------ DATA SHOWN ------

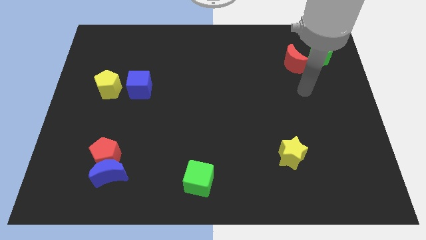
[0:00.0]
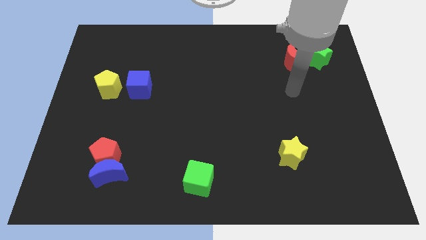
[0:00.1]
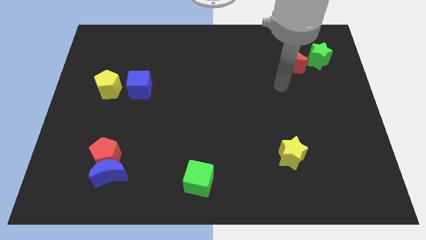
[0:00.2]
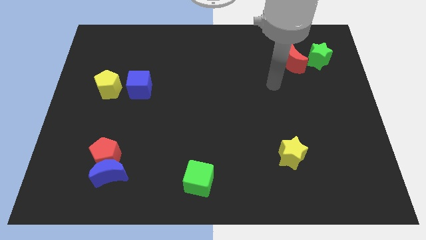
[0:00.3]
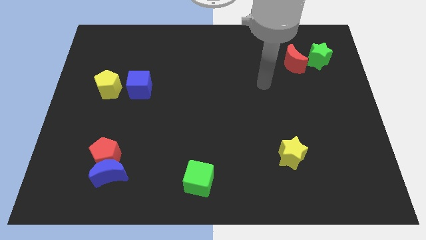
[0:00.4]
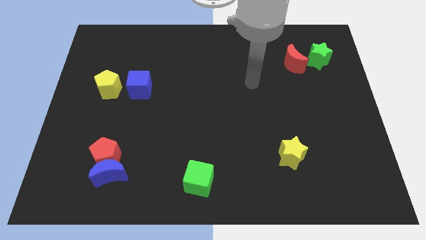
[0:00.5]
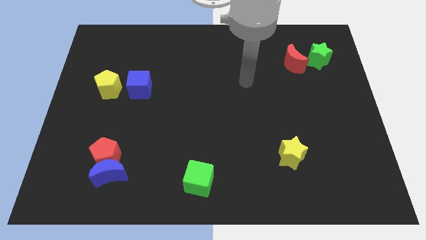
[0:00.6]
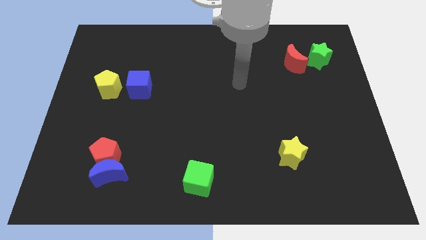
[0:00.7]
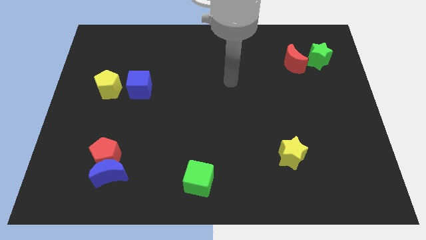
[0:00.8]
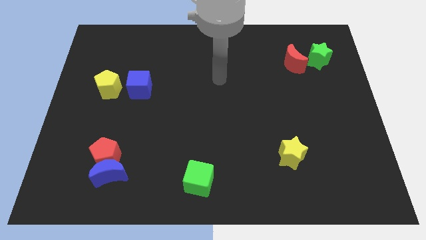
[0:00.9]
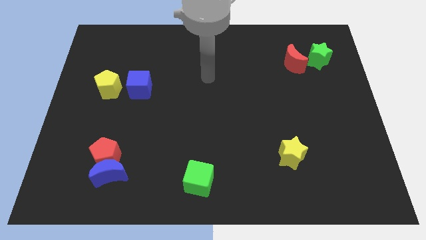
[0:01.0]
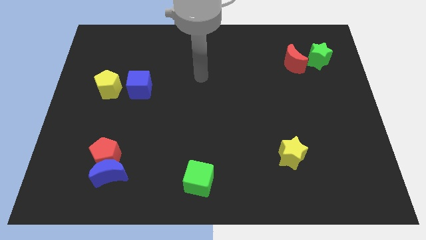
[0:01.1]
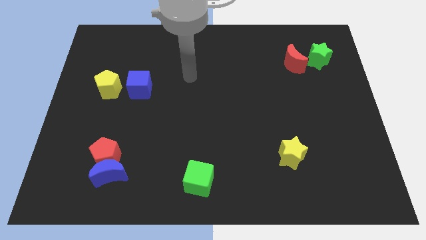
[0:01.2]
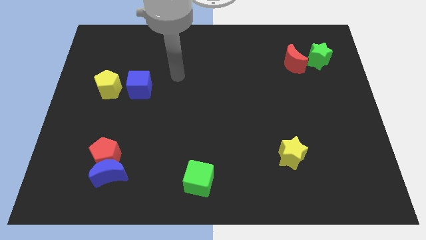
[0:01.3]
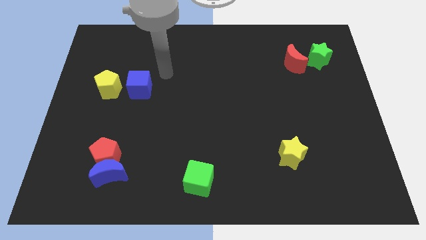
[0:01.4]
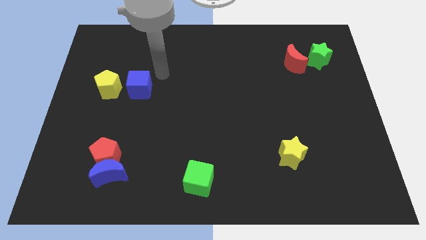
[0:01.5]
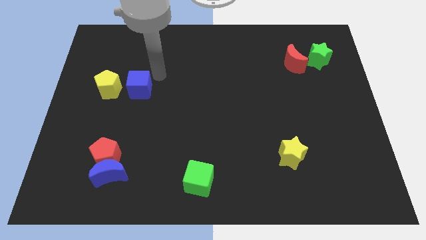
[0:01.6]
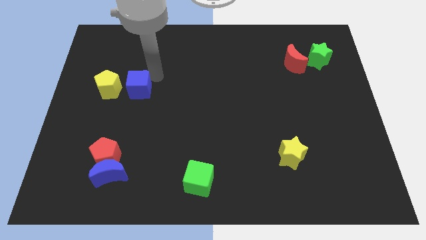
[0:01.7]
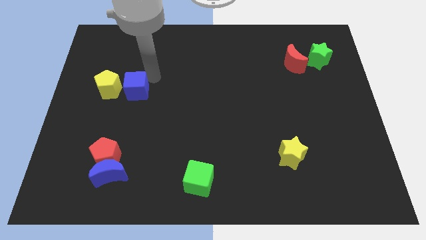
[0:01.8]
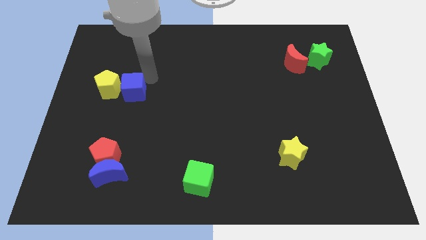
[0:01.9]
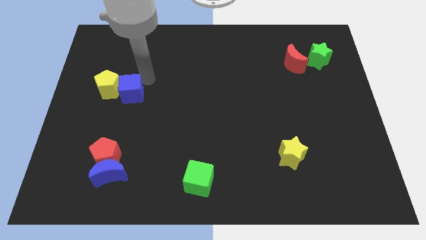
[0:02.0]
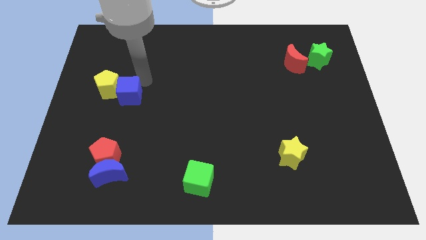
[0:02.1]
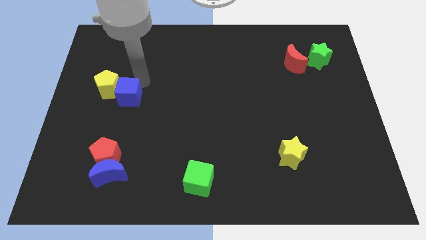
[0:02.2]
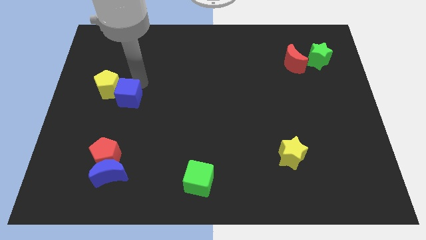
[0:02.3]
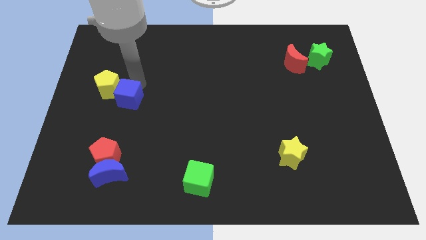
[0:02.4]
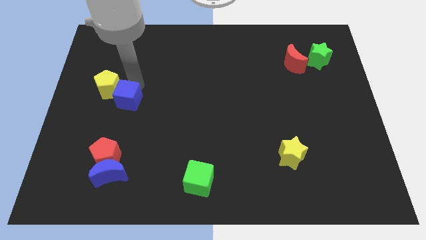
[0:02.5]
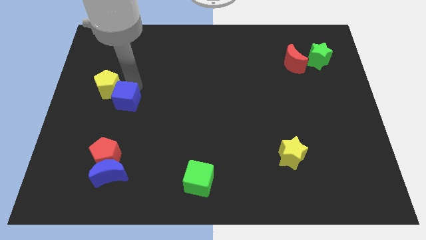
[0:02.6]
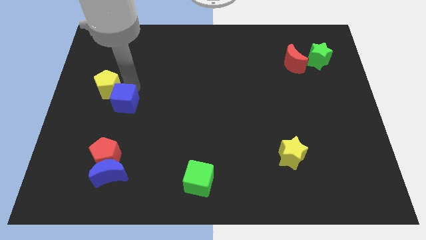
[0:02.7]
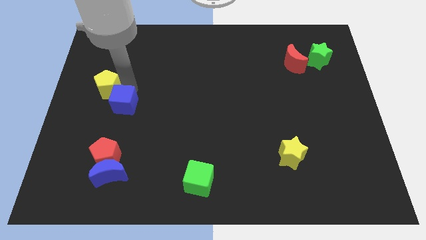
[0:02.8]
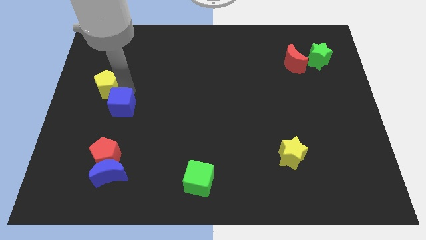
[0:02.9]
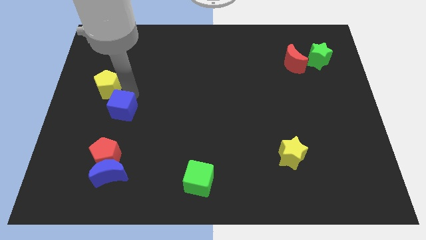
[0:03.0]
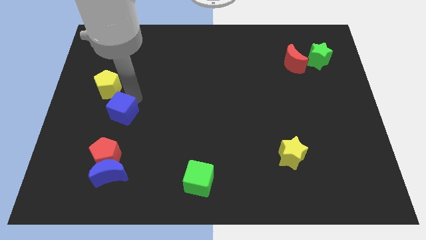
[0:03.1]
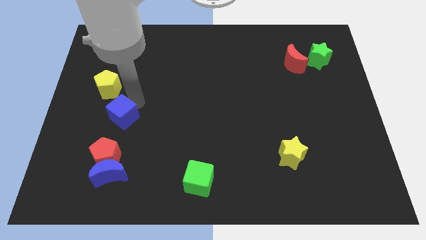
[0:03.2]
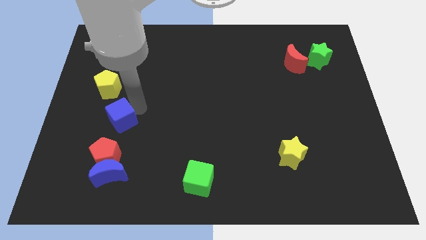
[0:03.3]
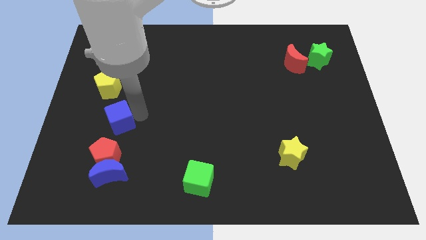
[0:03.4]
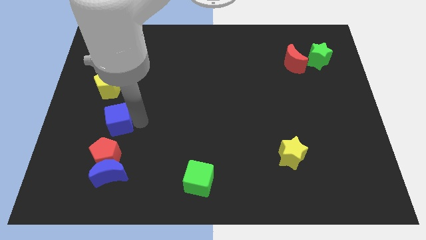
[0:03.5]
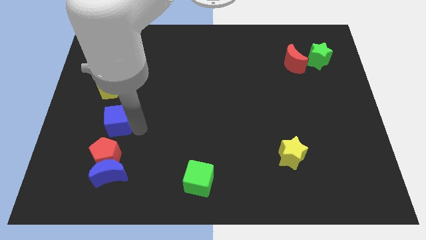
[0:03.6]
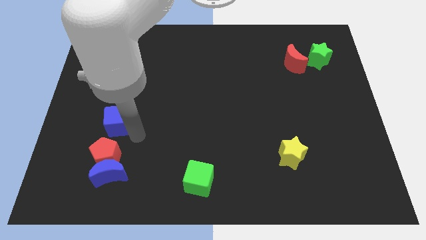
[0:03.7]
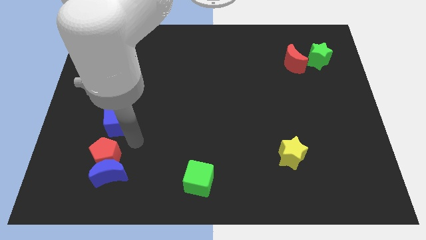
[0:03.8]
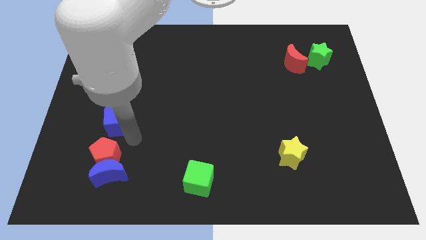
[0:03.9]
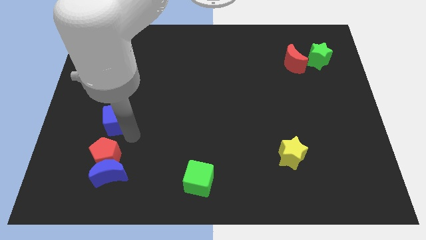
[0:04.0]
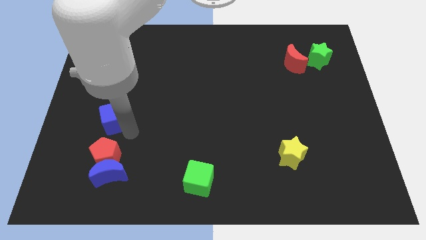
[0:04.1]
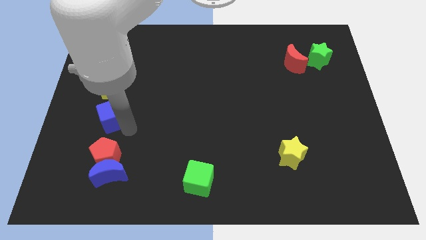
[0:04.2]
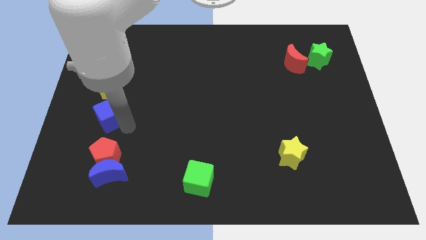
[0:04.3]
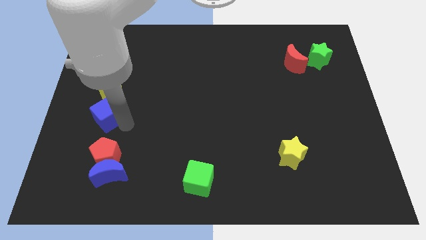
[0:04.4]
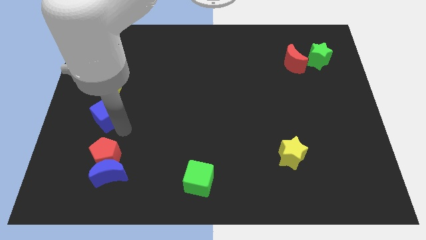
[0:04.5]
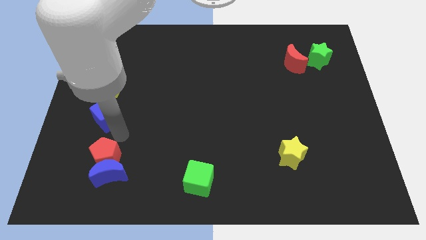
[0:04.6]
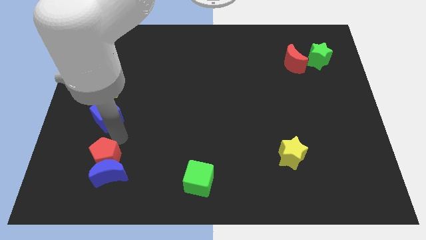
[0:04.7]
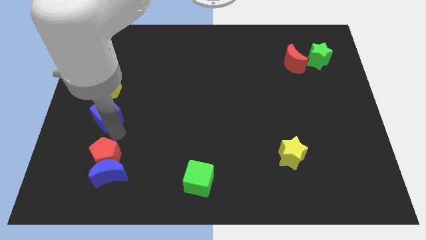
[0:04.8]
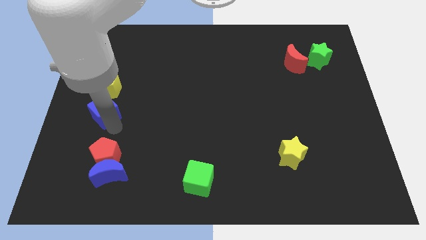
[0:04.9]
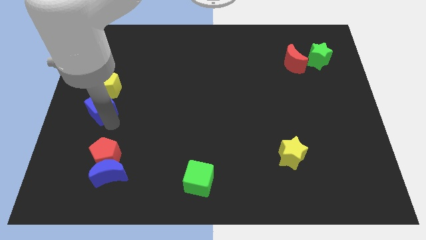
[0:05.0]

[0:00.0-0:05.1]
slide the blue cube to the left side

------

TRY IT: Every record gets retyped exactly; no picture goes into the copy.

PROBLEM SOLUTION:
[0:00.0]
[0:00.1]
[0:00.2]
[0:00.3]
[0:00.4]
[0:00.5]
[0:00.6]
[0:00.7]
[0:00.8]
[0:00.9]
[0:01.0]
[0:01.1]
[0:01.2]
[0:01.3]
[0:01.4]
[0:01.5]
[0:01.6]
[0:01.7]
[0:01.8]
[0:01.9]
[0:02.0]
[0:02.1]
[0:02.2]
[0:02.3]
[0:02.4]
[0:02.5]
[0:02.6]
[0:02.7]
[0:02.8]
[0:02.9]
[0:03.0]
[0:03.1]
[0:03.2]
[0:03.3]
[0:03.4]
[0:03.5]
[0:03.6]
[0:03.7]
[0:03.8]
[0:03.9]
[0:04.0]
[0:04.1]
[0:04.2]
[0:04.3]
[0:04.4]
[0:04.5]
[0:04.6]
[0:04.7]
[0:04.8]
[0:04.9]
[0:05.0]

[0:00.0-0:05.1]
slide the blue cube to the left side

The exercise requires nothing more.